• Task to carry out: From the entries below, output the line with "97.7.5.5.6.4.7.3.7.2c2.8-.3 3.7-2.1 4.3-4.8l.8-4.3" and each following line up to and including the line with "371.1-21.5-.2c0-4.9.2-19.7-.1-26.4l21.5-1c.3 6.6.2 18.9.1", exactly as written.

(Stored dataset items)
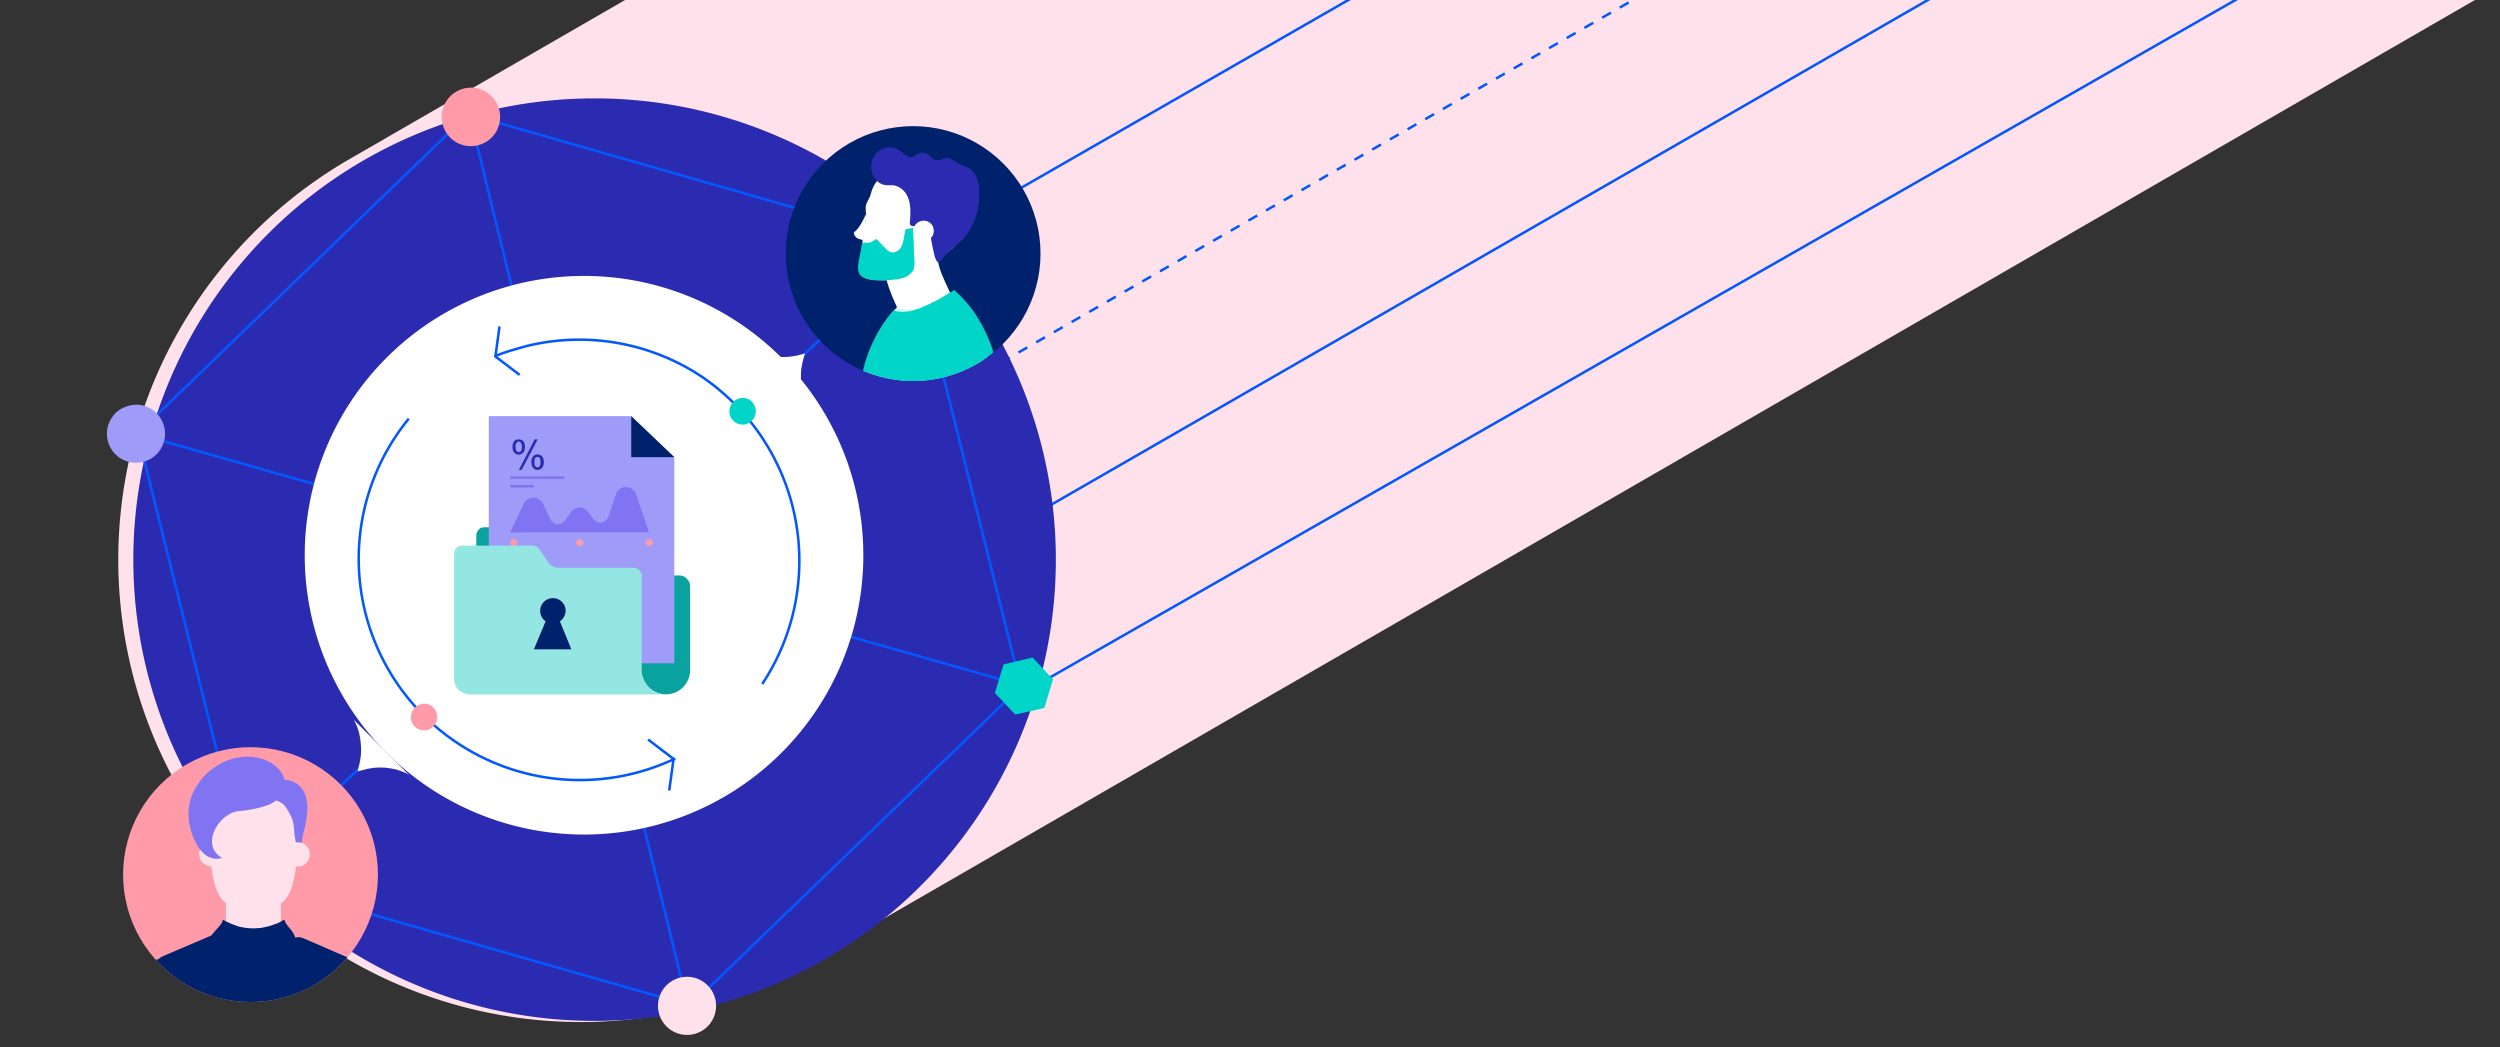 <?xml version="1.0"?>
<svg xmlns="http://www.w3.org/2000/svg" width="981" height="411" version="1.2">
  <rect width="100%" height="100%" fill="#333333" stroke="none"/>
  <defs>
    <clipPath id="cp1" clipPathUnits="userSpaceOnUse">
      <path d="M308.3 99.5a50 50 0 1 0 100 0 50 50 0 0 0-100 0z" />
    </clipPath>
    <clipPath id="cp2" clipPathUnits="userSpaceOnUse">
      <path d="M48.3 343.2a50 50 0 1 0 100 0 50 50 0 0 0-100 0z" />
    </clipPath>
  </defs>
  <style>
    .a{fill:#9f9cf9}.b{fill:#ffe1ec}.d{fill:none;stroke:#0357ff;stroke-miterlimit:10}.f{fill:#2b2bb2}.g{fill:#fff}.h{fill:#ff9aa8}.i{fill:#00d5c7}.j{fill:#00216b}.l{fill:#8174f2}.n{fill:#0aa29e}.o{fill:none;stroke:#8174f2;stroke-miterlimit:10}
  </style>
  <path d="M452 63.7c-5 0-9-4-9-9 0-4.9 4-9 9-9s9 4.1 9 9c0 5-4 9-9 9z" class="a" />
  <path d="M70.7 310.3a181.5 181.5 0 0 1 66.5-247.9L843-345.1a181.5 181.5 0 0 1 181.5 314.3L318.7 376.7a181.5 181.5 0 0 1-248-66.4z" class="b" />
  <path fill="none" fill-rule="evenodd" stroke="#0357ff" d="m957.5-45.9-557 318.3" />
  <path fill-rule="evenodd" d="M896.3-80.5 374.2 220.1" class="d" />
  <path fill="none" stroke="#0357ff" stroke-dasharray="4" stroke-miterlimit="10" d="m819.5-102.5-469 269" />
  <path d="m789.5-149.5-432 248" class="d" />
  <path d="M227.3 38.7a181 181 0 1 1 0 361.8 181 181 0 0 1 0-361.8z" class="f" />
  <path fill-rule="evenodd" d="M400.6 269.4 356.9 94.5 183.7 44.8 54 170.1 97.6 345l173.3 49.6z" class="d" />
  <path d="m184.8 47.2 85 347M90.8 348.2l274-255M53.8 170.2l348 99" class="d" />
  <path d="M149.8 142.3a109.6 109.6 0 1 1 154.9 155 109.6 109.6 0 0 1-154.9-155z" class="g" />
  <path d="m317 159.1-.5-.9q-.9-2.1-1.5-4.3-.5-2.2-.7-4.4-.1-2.3.1-4.5.3-2.2.9-4.4l.6-1.9-.1.1v-.1l-1.8.5q-2.2.6-4.4.8-2.2.2-4.4 0t-4.3-.7q-2.2-.6-4.2-1.6l-1.1-.8zM138.8 282.4l.5.9q1 2 1.6 4.2.5 2.2.7 4.4.2 2.3 0 4.5t-.8 4.4l-.5 1.9 1.9-.5q2.1-.6 4.3-.9 2.2-.2 4.4-.1 2.2.2 4.4.7 2.1.6 4.1 1.5l1.2.8z" class="g" />
  <path fill-rule="evenodd" d="M160.4 164.3a86.8 86.8 0 0 0 100.1 135.3l4.5-1.9" class="d" />
  <path fill-rule="evenodd" d="m262.6 310.2 1.7-12.4-10-7.6M299.1 268.4a87.4 87.4 0 0 0-23.3-120.3 86.7 86.7 0 0 0-69.2-12.3l-3.2.9-3.1.9-3.1 1-3.1 1.2" class="d" />
  <path fill-rule="evenodd" d="m196 128.1-1.6 11.8 9.5 7.2" class="d" />
  <path d="M162.9 277.6a5.2 5.2 0 0 1 5.7-1 5.3 5.3 0 0 1-.4 9.7c-1.9.7-4.2.2-5.6-1.4q-.7-.7-1.1-1.7-.3-1-.3-2 .1-1 .5-2 .4-.9 1.2-1.6z" class="h" />
  <path d="M287.9 157.6a5.2 5.2 0 0 1 5.7-1 5.3 5.3 0 0 1-.4 9.7c-1.9.7-4.2.2-5.6-1.4q-.7-.7-1.1-1.7-.3-1-.3-2 .1-1 .5-2 .4-.9 1.2-1.6z" class="i" />
  <g clip-path="url(#cp1)">
    <path d="M300.6 43.2h117.7v117.7H300.6z" class="j" />
    <path d="m353.6 124.3-.3-.9-.4-1-.4-.9-.5-.9c-2.7-6-6.9-15-4.8-25.4l20.9 4.3c-.7 3.5 1.4 8.1 3.2 12.1l.9 1.9.8 1.9.7 1.9.6 2z" class="g" />
    <path fill="#d6f5f3" d="M386.9 197.9s.9-18.5 2-29.6c.8-7.5 1.9-31.3-7.9-44.4-5.6-7.6-7.3-8.9-7.3-8.9s-2.2 2.9-11.2 5.5c-8.5 2.4-10.4-.1-10.4-.1l-2.1 2.3-1.9 2.4-1.8 2.6-1.6 2.6c-6.2 12.2-7.7 22.4-6.2 29.8 2.1 10.9 6.6 39.6 6.6 39.6" />
    <path d="m342.9 246.1-5.3-90.7 54.6-4.6 12.2 72.5" class="l" />
    <path d="M392.3 152.1a58.3 58.3 0 0 0-10.2-29.8 52 52 0 0 0-7.7-8.5l-3.1 1.9-3.2 1.9-3.2 1.6-3.4 1.5c-6.7 2.9-10.9 1.1-10.9 1.1l-1.8 2.2-1.6 2.2-1.6 2.4-1.4 2.4c-5 9.1-7 17.9-6.4 25.6z" class="i" />
    <path d="m378.3 199 2.1-58.6c0-1.7-.3-3.4-1-5a13.6 13.6 0 0 0-7.1-7.1 15 15 0 0 0-5.1-1h-.2c-1.7.1-3.4.5-5 1.2s-3 1.6-4.2 2.9a13.9 13.9 0 0 0-2.8 4.3c-.6 1.6-.9 3.3-.9 5.1l.1.2 4.6 58.4" class="l" />
    <path d="M380.6 198.8v-60.1a14.1 14.1 0 0 0-4.7-10.1 15 15 0 0 0-4.8-3c-1.8-.7-3.7-1-5.7-.9h-.2c-2 .1-3.8.6-5.5 1.5a14.1 14.1 0 0 0-8.2 13.9v.3l6 49.8" class="i" />
    <path fill="#a27666" d="m338.2 96.8.1-.3z" />
    <path d="M339.1 108.9c-4-2.3-1.2-5.8-.7-13.7.2-3.4 1.2-7.6 1.5-10.9l-.1-.9-.1-.8V81c.4-1.8 1.5-3.3 1.8-4.2 1.2-5.2 4.2-8.7 9.9-10.1 10-2.4 22-1.1 26.4 8.8 2.5 5.6 3.3 13.3-1.7 19.5-2.5 3-5.2 4.6-8.1 6.7l-2.7 1.9-2.9 1.8-2.9 1.6-3 1.6c-4 1.6-14.7 1.9-17.4.3z" class="g" />
    <path d="m347.7 97.7.5.5.6.4.7.3.7.2c2.8-.3 3.7-2.1 4.3-4.8l.8-4.3 3-.6c-.2 1.3.3 4.2.3 8.1-.1 2.2.8 6.4-.3 8.7-1.8 2.4-3.7 3.1-7.2 3.5-5 .6-9.8.6-12.5-.9-3.6-2.2-1.1-7.1-.3-13.6h1.4l.4.1 1-.1.9-.3.9-.5.8-.6c.7.1 2.3 2.4 4 3.9z" class="i" />
    <path d="M339.9 83.8c-1 2.4-2.9 6-4.6 7.2-.7.6.3 2.1 1.3 2.6l.6.2.6.2.6.1.7.2" class="g" />
    <path d="M345.5 72c-2.5-1.2-4.1-5-3.6-7.6q.1-1 .4-1.9.4-.9 1-1.7.6-.8 1.4-1.4.8-.6 1.7-1c6.2-2.3 7.8 3.1 10.9 3.2 2.2 0 3-2.2 5.7-1.6 1.8.3 2.5 2.5 4 2.8 3.2.5 3.6-2 6.7-.1 4.9 3.1 4.3 1.9 6.8 3.5 4.4 2.8 4.1 10.2 3.4 14.6q-.2 1.6-.6 3.1l-1.1 3-1.4 2.8q-.7 1.4-1.7 2.7c-2.3 3.2-5.9 5-8.4 8-1.6 2.1-2.6 4.1-3.8.6-.5-1.7-.8-3.5-1.2-5.3-.3-1.2-.6-5.1-1.5-5.9-1.1-.9-3.9-1.1-3.9-1.1H358c-.5 0-1.1-.7-1-1.1 0 0 .6-5.2-.1-8.1-.6-2.7-2-5.8-6.2-6.8-2.2-.1-3.2.3-5.2-.7z" class="f" />
    <path d="M358.4 90.2a4 4 0 0 1 2.8-3.4 4 4 0 0 1 4.3 1.2c1 1.2 1.2 3 .5 4.4a4.3 4.3 0 0 1-3.9 2.2q-.8-.1-1.5-.5-.7-.3-1.2-.9-.6-.7-.8-1.4l-.2-1.6z" class="g" />
  </g>
  <path d="m216.9 234.9 6.6-15.9a7.5 7.5 0 0 1-3-8.3c1-3.1 3.8-5.3 7.1-5.3s6.1 2.2 7.1 5.3c.9 3.1-.3 6.5-3 8.3l6.6 15.9z" class="g" />
  <g clip-path="url(#cp2)">
    <path d="M40.6 287h117.7v117.7H40.6z" class="h" />
    <path d="m110.1 371.1-21.5-.2c0-4.9.2-19.7-.1-26.4l21.5-1c.3 6.6.2 18.9.1 27.6zM87.8 335.2c0-1.9-1.2-3.7-3-4.4a4.6 4.6 0 0 0-5.2 1 4.8 4.8 0 0 0-1.1 5.2 5 5 0 0 0 4.5 3q.9 0 1.8-.3.9-.4 1.6-1.1.7-.7 1-1.6.4-.8.4-1.8zM121.6 335.2c0-1.9-1.2-3.7-3-4.4a4.6 4.6 0 0 0-5.2 1 4.6 4.6 0 0 0-1 5.2c.7 1.8 2.5 3 4.4 3q1 0 1.8-.3.9-.4 1.6-1.1.7-.7 1-1.6.4-.8.4-1.8z" class="b" />
    <path d="M117.1 321.4c-.6-10.4-7.5-16.7-17.5-16.8h-.1c-10 .1-16.9 6.4-17.5 16.8l-.1 1.4-.1 1.3v2.7c.9 14.4 1.8 22.4 5.9 26.8q1.2 1 2.6 1.8 1.4.8 2.9 1.3 1.5.6 3.1.9 1.6.3 3.2.3h.1q1.6.1 3.2-.2 1.6-.2 3.2-.8 1.5-.5 2.9-1.4 1.3-.8 2.5-1.9c4.1-4.4 5-12.4 5.9-26.8v-2.7l-.1-1.3-.1-1.4" class="b" />
    <path d="M113 306.1c4.9 1 7.3 5 7.6 9.8v1.7l-.1 1.7-.2 1.6-.3 1.7q-.2 1.6-.7 3.2l-.3 1.2-.2 1.2-.3 1.2-.1 1.3-.6-.1-.6-.1h-.6l-.5.1-.3-1.7-.3-1.7-.1-1.8-.2-1.7q-.1-1-.4-1.9l-.7-1.7-.9-1.7-1-1.6c-2.4-3.4-5.3-2.2-5.5-4.2-.1-.8 3.5-2.2 3.4-2.9l-.1-.9-.2-.9v-.9l-.1-1 .8-.1h.9l.8.1.8.1" class="l" />
    <path d="M85.3 300.4q2-1.3 4.2-2.1 2.1-.8 4.5-1.1 2.3-.4 4.6-.2 2.4.2 4.6.9 1 .3 1.9.8 1 .4 1.8 1l1.7 1.3 1.4 1.5c4 5.3.8 11.1-4.8 13.4l-2.9.9-3 .7-2.9.5-3.1.3c-7.8 1.2-14.8 13.5-6.1 18.4l-1.1.2-1.1.1-1.1-.1-1.1-.3c-4.1-1.3-6.4-6.3-7.7-10.1l-.8-3.2q-.3-1.7-.3-3.3-.1-1.7.1-3.3l.7-3.2q.7-2.1 1.7-4 1-1.8 2.4-3.5 1.3-1.7 2.9-3.1 1.7-1.4 3.5-2.5z" class="l" />
    <path d="m150.9 412.8-4.3-26.4c-.8-5.1-4.2-10-9.5-10.1l-.3-.3-.3-.3-.4-.2-.4-.1-16.8-7.3-.7-.2-.8-.2-.8.1-.8.1c-.5-2.7-4-5-4.1-6.9h-.4q-1.3.8-2.7 1.4l-2.9 1-3.1.7-3 .2q-1.6 0-3.1-.2-1.6-.2-3.1-.6l-2.9-1.1q-1.5-.6-2.8-1.4h-.3c.1 1.4-2.5 3.5-4.5 6.1l-19.2 8.2-.4.2-.4.3-.4.3-.3.3c-4.9.5-8.1 5.1-8.8 10.1l-4.5 26.3v.4q-.1 1 .2 1.9.3.9 1 1.6.6.7 1.4 1.1.9.5 1.8.5l9.2.7q.9 0 1.7-.2.9-.3 1.6-.8.6-.5 1.1-1.3.5-.7.6-1.6l.7-3.5.9 6.3.7 6.2.6 6.2.3 6.3v.2l.1.1.1 1.6.1 1.6v1.6l.1 1.6q0 .9.3 1.8.4.9 1.1 1.5.7.7 1.5 1.1.9.3 1.9.3h47.7q.9 0 1.8-.3.9-.4 1.5-1.1.7-.6 1.1-1.5.3-.9.3-1.8l.1-1.6v-1.6l.1-1.6.2-1.6v-.3l.4-6.6.6-6.6.8-6.6.9-6.5.9 4.7q.2.9.7 1.6.4.8 1.1 1.3.7.6 1.5.8.9.3 1.8.2l9.1-.6h.5q.9-.2 1.7-.7.8-.5 1.4-1.3.5-.7.8-1.7.2-.9 0-1.8z" class="j" />
  </g>
  <path d="m413.2 266.6-8-8.6-11.4 2.7-3.4 11.2 8 8.5 11.4-2.6z" class="i" />
  <path d="M184.8 34.4c4.6 0 8.8 2.8 10.6 7.1 1.7 4.3.8 9.2-2.5 12.5a11.6 11.6 0 0 1-12.5 2.5 11.5 11.5 0 0 1-6.2-15 11.5 11.5 0 0 1 10.6-7.1z" class="h" />
  <path d="M269.8 383.3a11.4 11.4 0 1 1-4.4 22 11.4 11.4 0 0 1 4.4-22z" class="b" />
  <path d="M53.4 158.8a11.4 11.4 0 1 1-10.6 7.1 14 14 0 0 1 2.5-3.8 12.4 12.4 0 0 1 8.1-3.3z" class="a" />
  <path d="M270.1 265.3h-76.9q-1.3 0-2.4-.5-1.2-.5-2-1.4-.9-.8-1.4-2-.5-1.1-.5-2.4v-49q0-.6.3-1.2.2-.6.7-1 .4-.5 1-.7.5-.2 1.2-.2h27.6l.7.1q.4 0 .7.2l.6.4.5.6 3.9 5.4.4.5.4.4.4.3.5.3.4.2.4.1.4.1.4.1h30q.7 0 1.2.3.6.2 1.1.6.4.5.6 1.1.3.5.3 1.1v37.1c0 1.2.2 2.5.7 3.6a11 11 0 0 0 2 3.1c.9.9 2 1.6 3.1 2.1 1.2.4 2.4.7 3.7.7z" class="n" />
  <path d="M270.8 230.1V263c0 2.5-1 4.9-2.8 6.7a9.5 9.5 0 0 1-16.2-6.7v-37.2h14.6q.9 0 1.7.3.8.3 1.4 1 .6.6 1 1.4.3.8.3 1.6z" class="n" />
  <path d="M191.8 260.3v-97h55.9l8.6 8.2 8.3 7.9v80.9z" class="a" />
  <path d="m247.7 163.3 16.9 16.1h-16.9z" class="j" />
  <path d="m254.7 208.9-5-14.7c-.2-.9-.7-1.6-1.5-2.2-.7-.6-1.6-.9-2.5-.9a4 4 0 0 0-2.6.9c-.8.6-1.3 1.3-1.5 2.2l-2.8 8.3c-.2.6-.6 1.2-1 1.6-.5.5-1.1.7-1.7.9a3 3 0 0 1-1.9-.3c-.6-.2-1.1-.6-1.5-1.2l-1.8-2.5q-.6-.9-1.5-1.4-.9-.5-1.9-.5-1.1 0-2 .5-.9.5-1.5 1.4l-2.3 3.2c-.3.5-.8.9-1.3 1.2l-1.8.3a3 3 0 0 1-1.6-.7c-.5-.3-.9-.8-1.1-1.4l-2.7-5.7a4.3 4.3 0 0 0-3.9-2.6c-.8 0-1.7.2-2.3.7-.7.4-1.3 1.1-1.6 1.9l-5.2 11" class="l" />
  <path d="M201.6 211.5c.6 0 1.1.4 1.3.9.2.5.1 1.1-.3 1.5-.4.4-1 .5-1.6.3-.5-.2-.8-.7-.8-1.3l.1-.5.3-.5.4-.3.6-.1zM227.5 211.5c.5 0 1 .4 1.3.9.2.5.1 1.1-.3 1.5-.4.4-1 .5-1.6.3-.5-.2-.8-.7-.8-1.3l.1-.5.3-.5.4-.3.6-.1zM254.7 211.5c.6 0 1.1.4 1.3.9.3.5.1 1.1-.3 1.5-.4.4-1 .5-1.5.3s-.9-.7-.9-1.3q0-.3.2-.5l.3-.5.4-.3.5-.1z" class="h" />
  <path fill-rule="evenodd" d="M201.1 175.3q0-1.2.6-2.1.6-.8 1.8-.8 1.1 0 1.8.7.7.8.7 2.3 0 1.4-.7 2.2-.7.8-1.8.8-1 0-1.7-.8-.7-.7-.7-2.3zm2.5-2q-.6 0-.9.5-.4.4-.4 1.6 0 1.1.4 1.6.3.4.9.4.5 0 .8-.4.4-.5.4-1.7 0-1.1-.4-1.5-.3-.5-.8-.5zm1.1 11.1h-1.1l6.2-12h1.2zm3.8-3.2q0-1.2.6-2 .6-.9 1.8-.9 1.1 0 1.8.8.7.7.7 2.2 0 1.5-.7 2.3-.8.8-1.8.8-1.1 0-1.7-.8-.7-.8-.7-2.4zm2.4-1.9q-.5 0-.9.4-.3.5-.3 1.7 0 1.1.3 1.5.4.5.9.5t.9-.5q.3-.4.3-1.6 0-1.1-.3-1.6-.4-.4-.9-.4z" class="f" />
  <path d="M200.2 187.4h21.2M200.2 190.8h9.3" class="o" />
  <path fill="#94e6e2" d="M261.3 272.5h-76.9q-1.2 0-2.4-.5-1.1-.5-2-1.3-.9-.9-1.4-2.1-.4-1.1-.4-2.4v-49l.2-1.2q.2-.6.7-1l1-.7 1.2-.2h27.6l.7.1.7.2.7.4.5.6 3.8 5.5.4.4.4.4.4.3.5.3.4.2.4.1.4.1.5.1h30q.6 0 1.2.3.5.2 1 .7l.7 1q.2.5.2 1.2v37a9.5 9.5 0 0 0 2.8 6.7 9 9 0 0 0 6.7 2.8z" />
  <path d="m209.5 254.8 4.6-11a5 5 0 1 1 7.6-5.7 5 5 0 0 1-2 5.7l4.5 11z" class="j" />
</svg>

• Your solution:
    <path d="m347.7 97.7.5.5.6.4.7.3.7.2c2.8-.3 3.7-2.1 4.3-4.8l.8-4.3 3-.6c-.2 1.3.3 4.2.3 8.1-.1 2.2.8 6.4-.3 8.7-1.8 2.4-3.7 3.1-7.2 3.5-5 .6-9.8.6-12.5-.9-3.6-2.2-1.1-7.1-.3-13.6h1.4l.4.1 1-.1.9-.3.9-.5.8-.6c.7.1 2.3 2.4 4 3.9z" class="i" />
    <path d="M339.9 83.8c-1 2.4-2.9 6-4.6 7.2-.7.6.3 2.1 1.3 2.6l.6.2.6.2.6.1.7.2" class="g" />
    <path d="M345.5 72c-2.5-1.2-4.1-5-3.6-7.6q.1-1 .4-1.9.4-.9 1-1.7.6-.8 1.4-1.4.8-.6 1.7-1c6.2-2.3 7.8 3.1 10.9 3.2 2.2 0 3-2.2 5.7-1.6 1.8.3 2.5 2.5 4 2.8 3.2.5 3.6-2 6.7-.1 4.9 3.1 4.3 1.9 6.8 3.5 4.4 2.8 4.1 10.2 3.4 14.6q-.2 1.6-.6 3.1l-1.1 3-1.4 2.8q-.7 1.4-1.7 2.7c-2.3 3.2-5.9 5-8.4 8-1.6 2.1-2.6 4.1-3.8.6-.5-1.7-.8-3.5-1.2-5.3-.3-1.2-.6-5.1-1.5-5.9-1.1-.9-3.9-1.1-3.9-1.1H358c-.5 0-1.1-.7-1-1.1 0 0 .6-5.2-.1-8.1-.6-2.7-2-5.8-6.2-6.8-2.2-.1-3.2.3-5.2-.7z" class="f" />
    <path d="M358.4 90.2a4 4 0 0 1 2.8-3.4 4 4 0 0 1 4.3 1.2c1 1.2 1.2 3 .5 4.4a4.3 4.3 0 0 1-3.9 2.2q-.8-.1-1.5-.5-.7-.3-1.2-.9-.6-.7-.8-1.4l-.2-1.6z" class="g" />
  </g>
  <path d="m216.9 234.9 6.6-15.9a7.5 7.5 0 0 1-3-8.3c1-3.1 3.8-5.3 7.1-5.3s6.1 2.2 7.1 5.3c.9 3.1-.3 6.5-3 8.3l6.6 15.9z" class="g" />
  <g clip-path="url(#cp2)">
    <path d="M40.6 287h117.7v117.7H40.6z" class="h" />
    <path d="m110.1 371.1-21.5-.2c0-4.9.2-19.7-.1-26.4l21.5-1c.3 6.6.2 18.9.1 27.6zM87.8 335.2c0-1.9-1.2-3.7-3-4.4a4.6 4.6 0 0 0-5.2 1 4.8 4.8 0 0 0-1.1 5.2 5 5 0 0 0 4.5 3q.9 0 1.8-.3.9-.4 1.6-1.1.7-.7 1-1.6.4-.8.4-1.8zM121.6 335.2c0-1.9-1.2-3.7-3-4.4a4.6 4.6 0 0 0-5.2 1 4.6 4.6 0 0 0-1 5.2c.7 1.8 2.5 3 4.4 3q1 0 1.8-.3.9-.4 1.6-1.1.7-.7 1-1.6.4-.8.4-1.8z" class="b" />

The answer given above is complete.